Le martyre et l'amphithéâtre
C'est dans ces moments où la fascination voire la sidération menacent, celle où le catho Hondelatte diffuse son exigeante dépression ou sa collègue Ruth Elkrief chante l'imperium, celle de Twitter où l'égalité factice des ignorances cumulées produit vagues et ressacs, celle de Facebook où le rance dominant me rappelle les odeurs fortes des vieilles pissotières en ardoise, c'est dans ces moments où il faut prendre dans sa cagnotte quelques pièces. Polymnia Athanassiadi, par exemple, car j'ai besoin de mots pour comprendre le martyre subi de cette fillette nigériane et le martyre volontaire des assassins de Paris de la semaine passée.
Sous le titre
« La Culture de l'amphithéâtre »
« Né dans un monde qui professe le pluralisme religieux, le christianisme exige pourtant de ses fidèles une dévosion exclusive à ses principes et, par conséquent, le rejet actif de toute autre voie menant à Dieu. Il se distingue également des autres courants spirituels de l'Empire par son esprit missionnaire. Or, si la foi exclusive est un héritage juif (donc une attitude familière à l'homme hellénistique), le prosélytisme agressif des chrétiens apparaît comme une nouveauté absolue... » (p44)
« Mais la banalisation progressive de la violence, qui permet l'intégration du martyre dans la vie quotidienne, est un phénomène cyclique qui procède de la société dans son ensemble et l'affecte à son tour tout entière.

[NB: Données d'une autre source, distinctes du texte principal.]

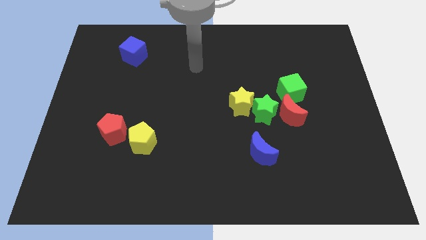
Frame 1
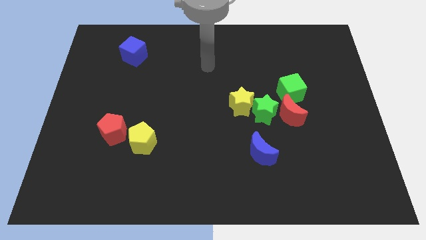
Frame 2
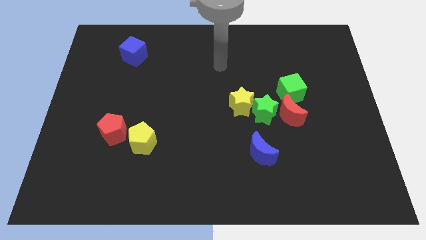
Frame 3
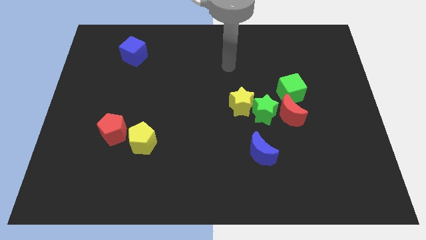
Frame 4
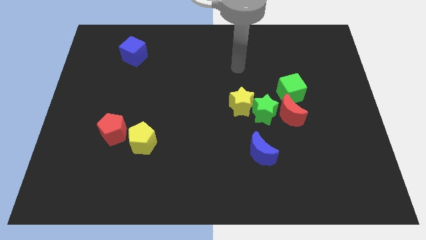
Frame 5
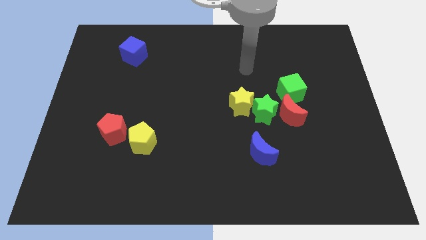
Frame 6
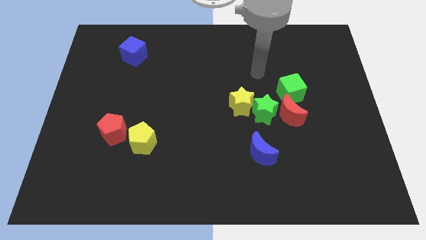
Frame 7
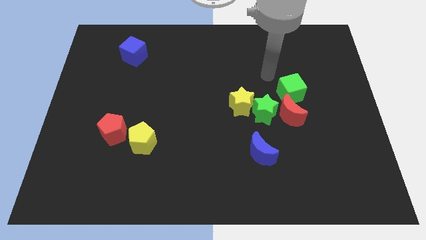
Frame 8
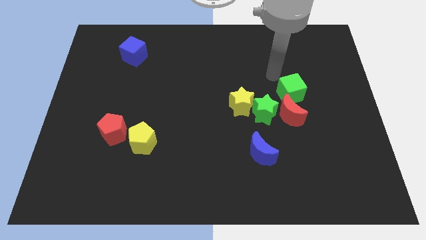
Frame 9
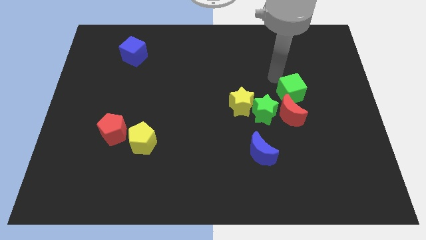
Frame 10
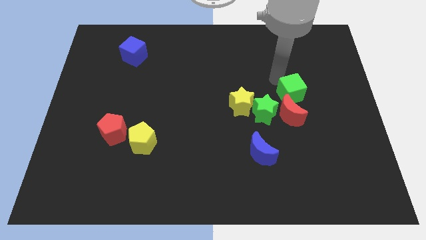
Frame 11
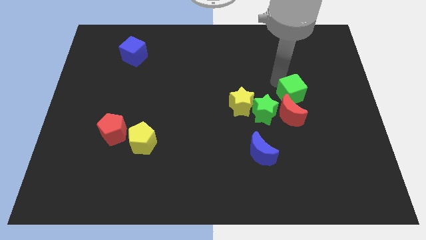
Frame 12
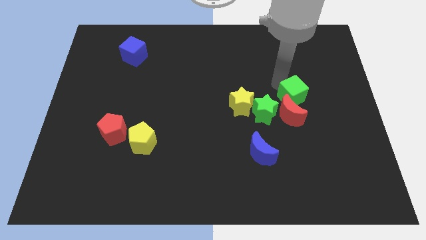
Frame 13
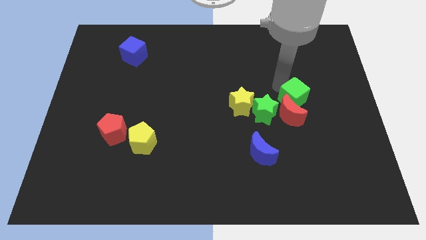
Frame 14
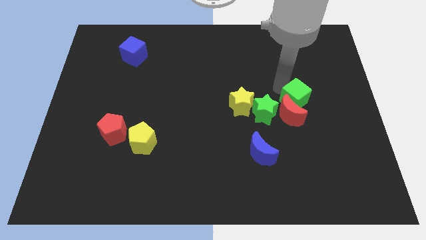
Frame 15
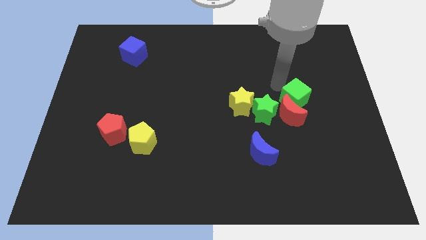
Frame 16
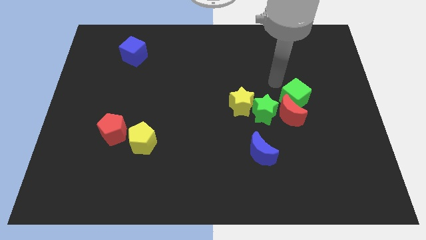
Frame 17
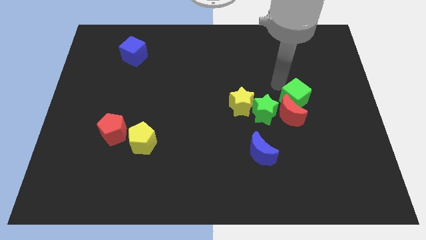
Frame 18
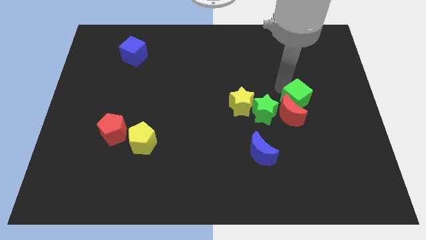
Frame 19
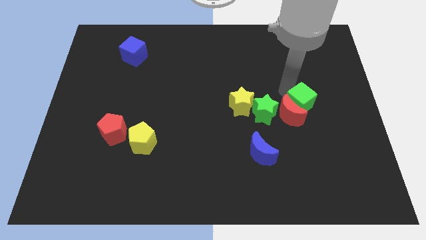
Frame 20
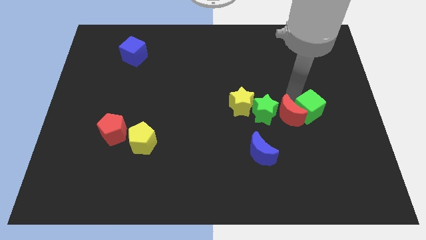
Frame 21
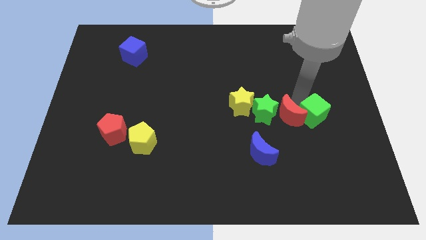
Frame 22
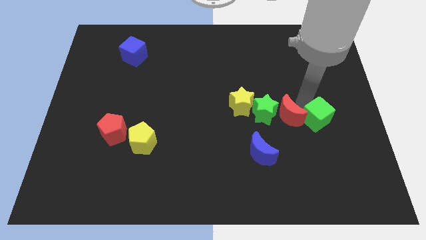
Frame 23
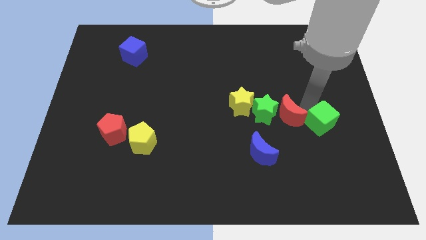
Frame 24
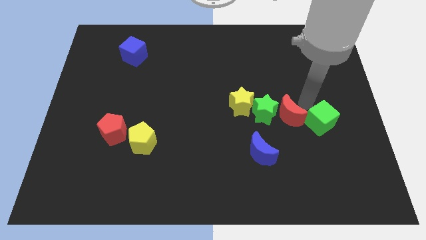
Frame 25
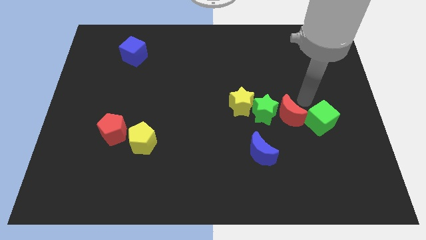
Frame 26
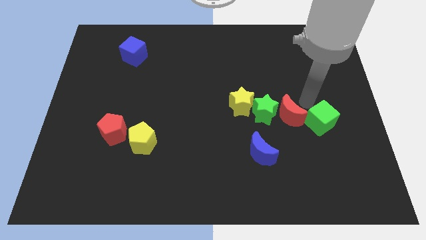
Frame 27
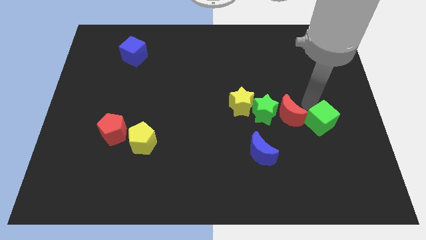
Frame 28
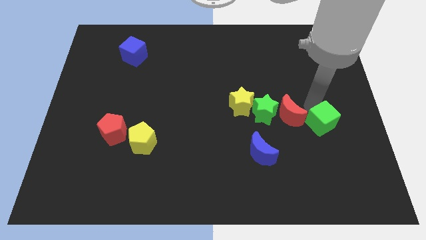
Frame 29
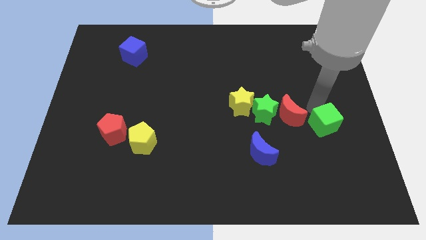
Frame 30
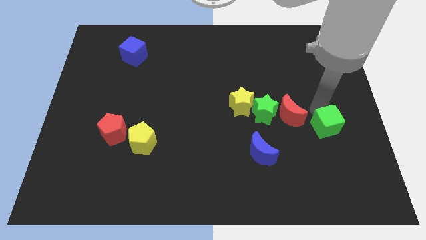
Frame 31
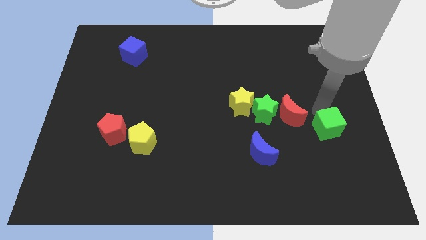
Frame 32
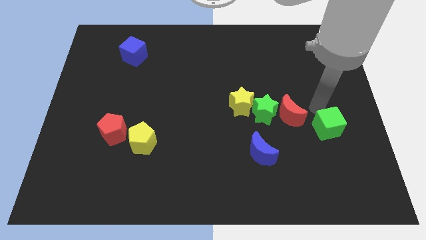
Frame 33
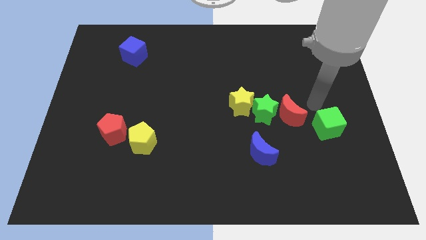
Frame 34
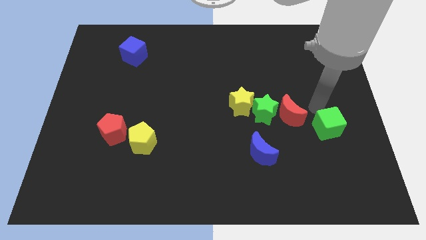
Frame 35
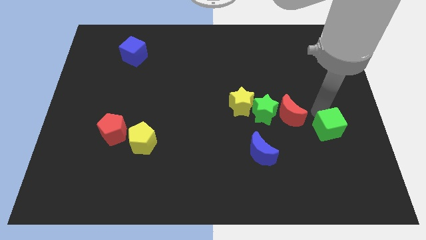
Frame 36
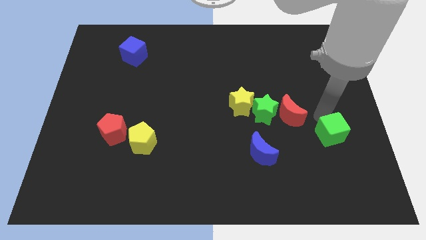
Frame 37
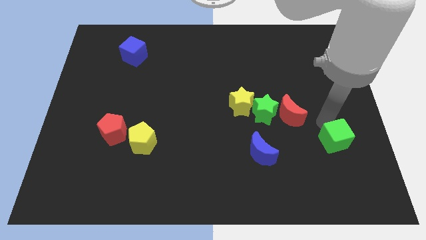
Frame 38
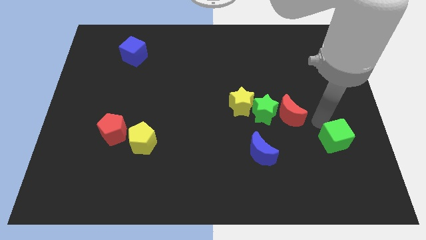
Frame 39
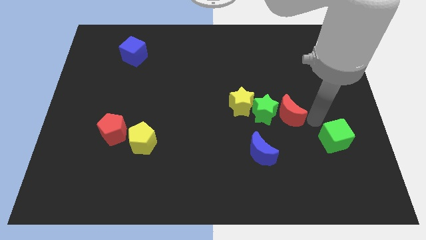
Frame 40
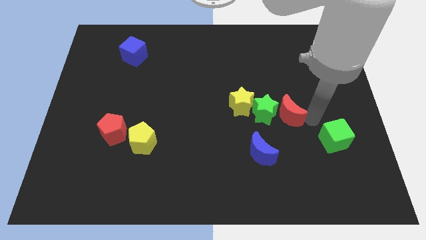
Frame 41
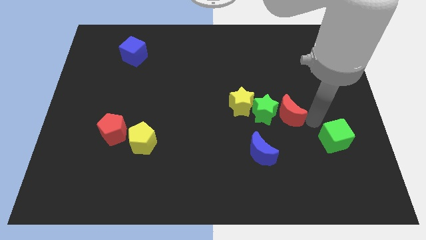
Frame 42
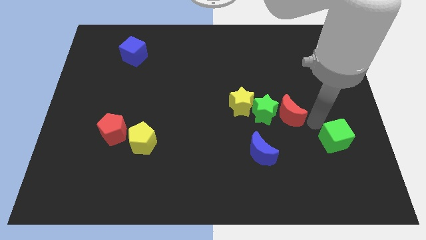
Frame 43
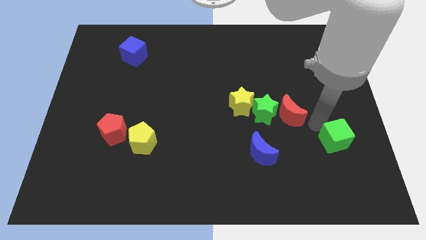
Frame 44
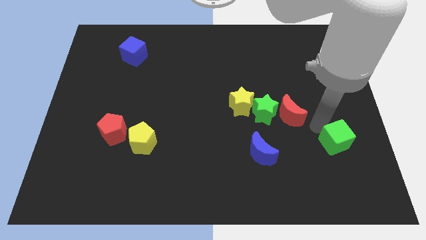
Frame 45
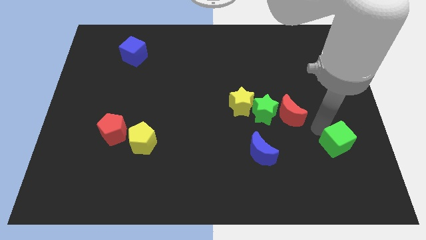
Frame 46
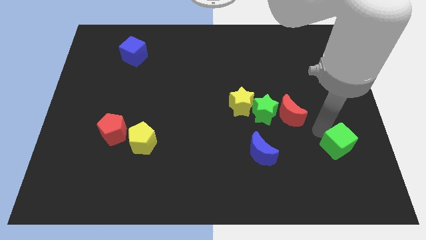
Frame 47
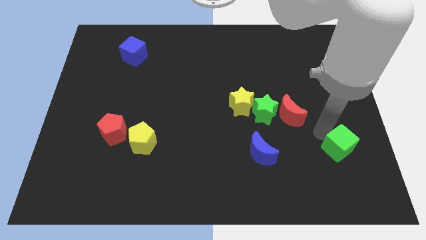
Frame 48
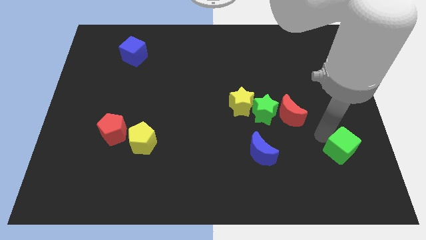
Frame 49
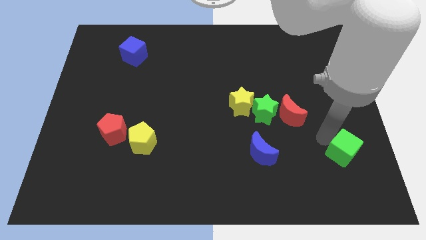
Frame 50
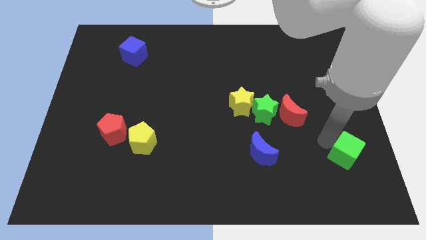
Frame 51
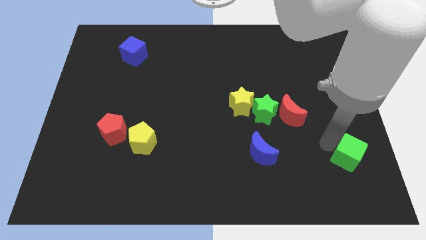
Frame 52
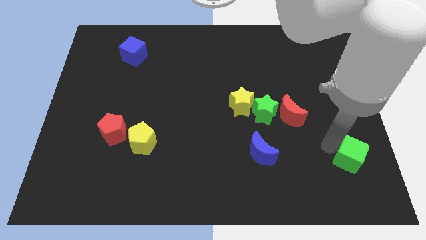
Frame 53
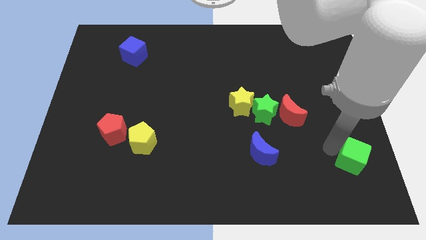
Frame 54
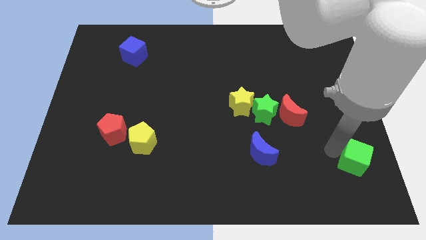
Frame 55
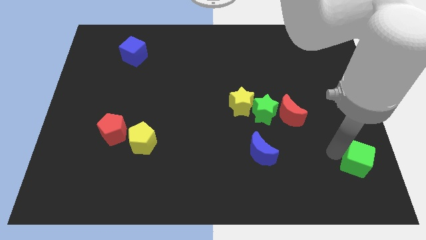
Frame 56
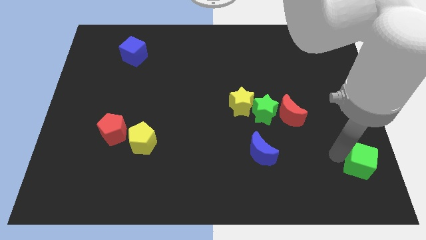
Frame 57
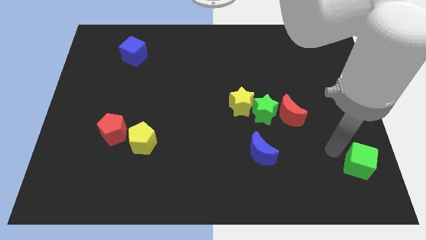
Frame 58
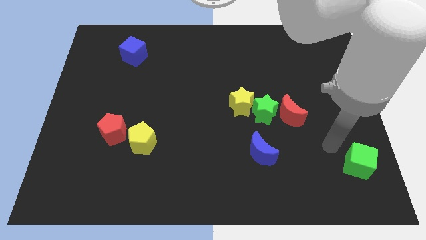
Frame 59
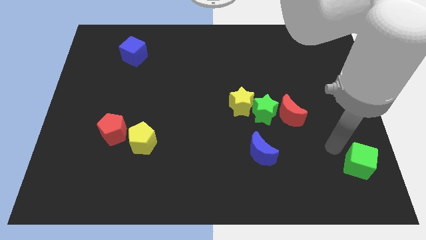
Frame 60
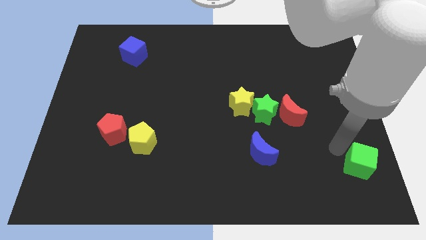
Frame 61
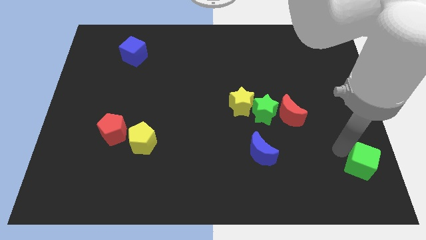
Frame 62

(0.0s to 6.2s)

Un des aspects les plus manifestes et les plus complexes de la violence omniprésente dans la société romaine est le martyre – ce spectaculaire pont de sang entre ce monde et l'au-delà jeté par l'espoir et le désespoir des multitudes croissantes. Infaillible indice du passage d'une réalité sociale à une autre, la boule de neige du martyre volontaire (que grossit la rhétorique du prédicateur et la prose sadique du chroniqueur) élabore des mentalités qui survivront à sa nécessité pratique... » (p45)
« Le martyre volontaire, voire sollicité, émerge, en tant qu'état psychologique et attitude sociale, au début du IIe siècle dans les milieux chrétiens de l'Anatolie et se répand à travers l' empire avec l'illogique célérité d'une vogue... Marc Aurèle, sous le règne de qui eut lieu une persécution locale de caractère restreint, voit dans le désir chrétien de se sacrifier « une pose théâtrale » et un état d'âme frivole allant jusqu'à la déraison engendré par le simple désir de s'opposer à la société... (p46
« il n'était pas du tout dans l'intérêt de l'avancement de la cause du christianisme de souffrir le martyre dans des endroits ou personne ne pourrait en être témoin » (citation de Glen Bowersock p 46-47)
Tiré de Polymnia Athanassiadi « Vers la pensée unique- La montée de l'intolérance dans l'antiquité tardive » - Les Belles Lettres – Paris 2010.
Polymnia Athanassiadi est professeur d'histoire ancienne à l'université d'Athênes.
Glen Warren Bowersock est professeur honoraire d'histoire ancienne aux universités de Strasbourg et Harvard.